M. Xavier de Villepin s'interroge d'abord sur la possibilité de limiter le nombre de langues de travail utilisées au sein des institutions européennes. Il souhaite savoir sur quel mécanisme institutionnel peuvent reposer les solidarités renforcées. Enfin, il nuance l'euro-scepticisme prêté aux Français en indiquant qu'un sondage récent montre au contraire l'attachement de nos compatriotes à la construction européenne. Il souligne que celle-ci a su tirer parti dans le passé des situations de crises et évoque notamment les incertitudes du prochain scrutin présidentiel en Russie.
Répondant aux différents intervenants. M. Jacques Santer souligne que beaucoup des débats ouverts sur les institutions européennes seront tranchés par la Conférence intergouvernementale. Il rappelle que des éléments extérieurs tels que les élections britanniques pourraient influencer les négociations, mais que celles-ci aboutiraient sans doute à des solutions de compromis. Il attire cependant l'attention sur les dangers que l'élargissement sans approfondissement ferait peser sur l'Union européenne qui pourrait se voir ainsi réduite à une vaste zone de libre-échange.

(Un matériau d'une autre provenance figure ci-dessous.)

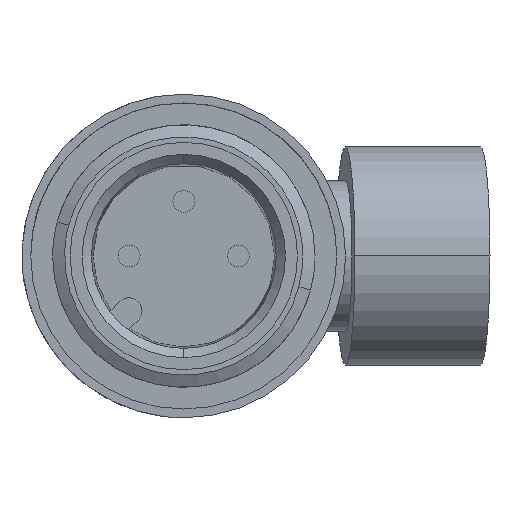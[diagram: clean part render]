
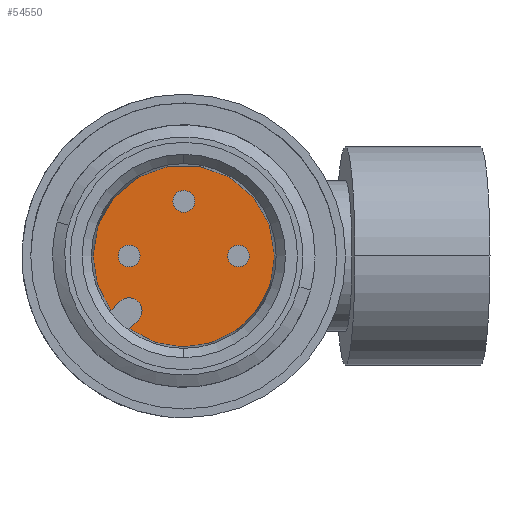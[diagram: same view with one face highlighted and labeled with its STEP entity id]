
A CAD part, left-side view. The second image highlights one B-rep face of the part: STEP entity #54550.
In plain terms, the highlighted face is planar.
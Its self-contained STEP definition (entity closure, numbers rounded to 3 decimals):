
#51750=CARTESIAN_POINT('',(66.122,34.229,221.9));
#51760=DIRECTION('',(1.,0.,
0.));
#51770=VECTOR('',#51760,1.);
#51780=LINE('',#51750,#51770);
#51790=CARTESIAN_POINT('',(24.015,34.228,221.9));
#51800=VERTEX_POINT('',#51790);
#51810=CARTESIAN_POINT('',(24.571,34.228,221.9));
#51820=VERTEX_POINT('',#51810);
#51830=EDGE_CURVE('',#51800,#51820,#51780,.T.);
#52830=CARTESIAN_POINT('',(64.922,33.029,221.9));
#52840=DIRECTION('',(-1.,0.,
0.));
#52850=VECTOR('',#52840,1.);
#52860=LINE('',#52830,#52850);
#52870=CARTESIAN_POINT('',(24.571,33.028,221.9));
#52880=VERTEX_POINT('',#52870);
#52890=CARTESIAN_POINT('',(24.015,33.028,221.9));
#52900=VERTEX_POINT('',#52890);
#52910=EDGE_CURVE('',#52880,#52900,#52860,.T.);
#53370=CARTESIAN_POINT('',(23.399,30.694,221.9));
#53380=VERTEX_POINT('',#53370);
#53410=CARTESIAN_POINT('',(20.465,33.628,221.9));
#53420=DIRECTION('',(0.,0.,1.));
#53430=DIRECTION('',(-0.707,0.707,
0.));
#53440=AXIS2_PLACEMENT_3D('',#53410,#53420,#53430);
#53450=CIRCLE('',#53440,4.15);
#53460=EDGE_CURVE('',#53380,#52880,#53450,.T.);
#53640=CARTESIAN_POINT('',(24.015,33.628,221.9));
#53650=DIRECTION('',(0.,0.,1.));
#53660=DIRECTION('',(-0.707,0.707,
0.));
#53670=AXIS2_PLACEMENT_3D('',#53640,#53650,#53660);
#53680=CIRCLE('',#53670,0.6);
#53690=CARTESIAN_POINT('',(23.591,34.052,221.9));
#53700=VERTEX_POINT('',#53690);
#53710=EDGE_CURVE('',#53700,#52900,#53680,.T.);
#53910=CARTESIAN_POINT('',(19.263,32.426,221.9));
#53920=DIRECTION('',(0.,0.,1.));
#53930=DIRECTION('',(0.707,0.707,
0.));
#53940=AXIS2_PLACEMENT_3D('',#53910,#53920,#53930);
#53950=PLANE('',#53940);
#53960=CARTESIAN_POINT('',(18.697,31.86,221.9));
#53970=DIRECTION('',(0.,0.,1.));
#53980=DIRECTION('',(-0.707,-0.707,0.));
#53990=AXIS2_PLACEMENT_3D('',#53960,#53970,#53980);
#54000=CIRCLE('',#53990,0.5);
#54010=CARTESIAN_POINT('',(18.344,31.507,221.9));
#54020=VERTEX_POINT('',#54010);
#54030=CARTESIAN_POINT('',(19.051,32.214,221.9));
#54040=VERTEX_POINT('',#54030);
#54050=EDGE_CURVE('',#54020,#54040,#54000,.T.);
#54060=ORIENTED_EDGE('',*,*,#54050,.F.);
#54070=EDGE_CURVE('',#54040,#54020,#54000,.T.);
#54080=ORIENTED_EDGE('',*,*,#54070,.F.);
#54090=EDGE_LOOP('',(#54080,#54060));
#54100=FACE_BOUND('',#54090,.T.);
#54110=CARTESIAN_POINT('',(17.53,36.563,221.9));
#54120=VERTEX_POINT('',#54110);
#54130=EDGE_CURVE('',#54120,#53380,#53450,.T.);
#54140=ORIENTED_EDGE('',*,*,#54130,.T.);
#54150=EDGE_CURVE('',#51820,#54120,#53450,.T.);
#54160=ORIENTED_EDGE('',*,*,#54150,.T.);
#54170=ORIENTED_EDGE('',*,*,#51830,.T.);
#54180=EDGE_CURVE('',#51800,#53700,#53680,.T.);
#54190=ORIENTED_EDGE('',*,*,#54180,.F.);
#54200=ORIENTED_EDGE('',*,*,#53710,.F.);
#54210=ORIENTED_EDGE('',*,*,#52910,.T.);
#54220=ORIENTED_EDGE('',*,*,#53460,.T.);
#54230=EDGE_LOOP('',(#54220,#54210,#54200,#54190,#54170,#54160,#54140));
#54240=FACE_OUTER_BOUND('',#54230,.T.);
#54250=CARTESIAN_POINT('',(22.233,31.86,221.9));
#54260=DIRECTION('',(0.,0.,1.));
#54270=DIRECTION('',(-0.707,-0.707,0.));
#54280=AXIS2_PLACEMENT_3D('',#54250,#54260,#54270);
#54290=CIRCLE('',#54280,0.5);
#54300=CARTESIAN_POINT('',(21.879,31.507,221.9));
#54310=VERTEX_POINT('',#54300);
#54320=CARTESIAN_POINT('',(22.586,32.214,221.9));
#54330=VERTEX_POINT('',#54320);
#54340=EDGE_CURVE('',#54310,#54330,#54290,.T.);
#54350=ORIENTED_EDGE('',*,*,#54340,.F.);
#54360=EDGE_CURVE('',#54330,#54310,#54290,.T.);
#54370=ORIENTED_EDGE('',*,*,#54360,.F.);
#54380=EDGE_LOOP('',(#54370,#54350));
#54390=FACE_BOUND('',#54380,.T.);
#54400=CARTESIAN_POINT('',(18.697,35.396,221.9));
#54410=DIRECTION('',(0.,0.,1.));
#54420=DIRECTION('',(-0.707,-0.707,0.));
#54430=AXIS2_PLACEMENT_3D('',#54400,#54410,#54420);
#54440=CIRCLE('',#54430,0.5);
#54450=CARTESIAN_POINT('',(18.344,35.042,221.9));
#54460=VERTEX_POINT('',#54450);
#54470=CARTESIAN_POINT('',(19.051,35.749,221.9));
#54480=VERTEX_POINT('',#54470);
#54490=EDGE_CURVE('',#54460,#54480,#54440,.T.);
#54500=ORIENTED_EDGE('',*,*,#54490,.F.);
#54510=EDGE_CURVE('',#54480,#54460,#54440,.T.);
#54520=ORIENTED_EDGE('',*,*,#54510,.F.);
#54530=EDGE_LOOP('',(#54520,#54500));
#54540=FACE_BOUND('',#54530,.T.);
#54550=ADVANCED_FACE('',(#54100,#54240,#54390,#54540),#53950,.T.);
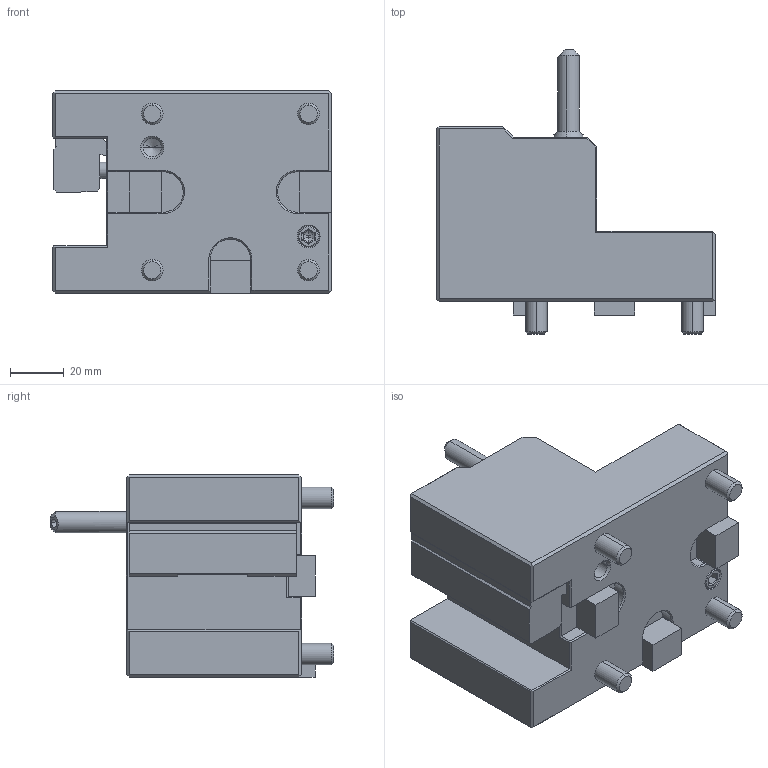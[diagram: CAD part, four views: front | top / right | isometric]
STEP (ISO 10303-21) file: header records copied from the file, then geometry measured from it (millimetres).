
FILE_DESCRIPTION((''),'2;1');
FILE_NAME('NGT_OD_45_20_65_DO','2023-05-15T',('vali'),('NOVA GRUP'),'PRO/ENGINEER BY PARAMETRIC TECHNOLOGY CORPORATION, 2010280','PRO/ENGINEER BY PARAMETRIC TECHNOLOGY CORPORATION, 2010280','');
FILE_SCHEMA(('CONFIG_CONTROL_DESIGN'));
Length unit declared in the file: millimetre
Products named in the file (1): NGT_OD_45_20_65_DO
Bounding box: 103.5 x 105.34 x 75 mm (x, y, z)
Volume: 338180.5 mm3; surface area: 42401.7 mm2
Topology: 1 solids, 1 shells, 207 faces, 513 edges, 310 vertices
Faces by surface type: plane 135, cylinder 38, cone 26, bspline 6, sphere 2
Entity records: 6551 total; most frequent: CARTESIAN_POINT 1694, ORIENTED_EDGE 1010, DIRECTION 947, EDGE_CURVE 505, VECTOR 393, LINE 393, VERTEX_POINT 310, AXIS2_PLACEMENT_3D 277

Le président de la Commission européenne rappelle son attachement au principe de subsidiarité et indique qu'il a lui-même souhaité, depuis sa désignation à la présidence de la Commission, le retrait de 70 projets de directives. Cependant, par rapport à l'euro-scepticisme, il souligne que les citoyens des États membres aspirent, au contraire, dans certains domaines comme la politique étrangère, à une Europe plus forte, capable d'agir plutôt que de réagir.
M. Jacques Santer rappelle que les objectifs fondamentaux de la construction européenne demeurent la sauvegarde de la paix, mais doivent également comprendre la défense du modèle social européen. Il précise que les propositions de la Commission sur la PESC visent à conférer à l'Union, dans les relations internationales, un rôle politique à la mesure des moyens financiers considérables qu'elle a engagés dans des régions comme le Proche-Orient ou l'ancienne Yougoslavie. Il souligne, à propos du troisième pilier, que l'efficacité des méthodes intergouvernementales n'est pas avérée comme en témoignent par exemple les retards de la ratification de l'accord Europol. Il souligne également que. dans le cadre du premier pilier, la Commission propose, mais qu'il revient au Conseil de décider.
M. Jacques Santer relève la priorité accordée, dans la politique extérieure de l'Union, au dialogue interrégional qu'avait concrétisé le rapprochement entre l'Union européenne et le Mercosur. Il note à cet égard que rien ne s'oppose à la tenue d'un sommet Europe-Amérique latine.
Il signale, à l'intention de M. Emmanuel Hamel, que la politique extérieure n'implique pas un abandon des souverainetés, mais leur exercice partagé dans le souci d'une plus grande efficacité. Il souligne à cet égard qu'il importe de conférer une meilleure visibilité à la PESC. Il relève enfin que l'OTAN resterait la première ligne de défense de l'Europe, mais qu'il fallait renforcer en son sein le pilier européen de défense.
M. Jacques Santer s'accorde avec M. Xavier de Villepin pour reconnaître que le nombre de langues utilisées pose des problèmes fonctionnels. Il établit une différence entre les langues officielles et les langues de travail pour lesquelles il faudrait pouvoir imaginer certaines modalités. Ainsi, dans la pratique, trois langues -le français, l'anglais et l'allemand- se trouvent principalement utilisées dans certaines des instances de l'Union.
Le président de la Commission européenne, concluant son propos, souligne que les solidarités renforcées doivent reposer sur le cadre institutionnel commun. Evoquant les prochaines élections russes, il souligne qu'il incombe à l'Europe de promouvoir un modèle de stabilité et de sécurité pour le vieux continent.